Just writing your resignation and handing it into your employer seems like the impossible, but it is the least time-consuming and one of the easiest ways when it’s officially done.

You’ll get a breath of fresh-air because you’ve done something you thought you could NEVER do.

And definitely do expect some type of backlash or BS talk to try and keep you working there.

If your boss is like my ex boss, he will say how much he loved having you work for him, all your good qualities and how much of a hard worker you are.

But all of this is to get you to change your mind, and believe it or not but it works for a lot of people!

So that is a major con when you do it this way, and being fearful of facing this type of situation is the reason why people don’t quit their job and end up staying in it for the rest of their lives.

If you are kind-hearted and easily talked into doing stuff; avoid this technique. Your boss will make you feel bad for quitting and you’ll end up not doing it.

 

Don’t Purposely Try and Get Fired!


This is quite possibly the WORST way to get rid of your job.

Trying to get fired leads to negative energy all round, and you don’t want that!

Getting fired only means you’re exposing yourself to unnecessary situations, situations where your boss becomes angry at you and you’ll end up burning bridges.

Sometimes it takes months before you even get fired, so you’re basically signing up for a long, DAUNTING ride if you take this route.

 

Final Words


Just remember that EVERY job, boss and colleague is different.

Leaving a big factory is a lot easier than leaving a small firm with only 3-5 employees.

Then again, leaving a small fish n chip shop will be more difficult than leaving McDonald’s or other fast food restaurant.

That’s because big restaurants like these can get in new people almost instantly. You won’t bear the burden of leaving a company with less employees so you won’t feel AS guilty.

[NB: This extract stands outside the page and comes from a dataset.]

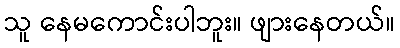
သူ နေမကောင်းပါဘူး။ ဖျားနေတယ်။

Feeling guilty is another reason why people won’t quit their job either. They are just too loyal even though they don’t even like the job they are in.

They are too kind-hearted and don’t want to leave their boss and colleagues worse off.

In these situations you have to remember that it is not your business.

Your happiness is a lot more important than a job where your boss or colleagues don’t even care about you! (although they’ll make it seem like they do)

Well I hope this helps, and thanks for reading!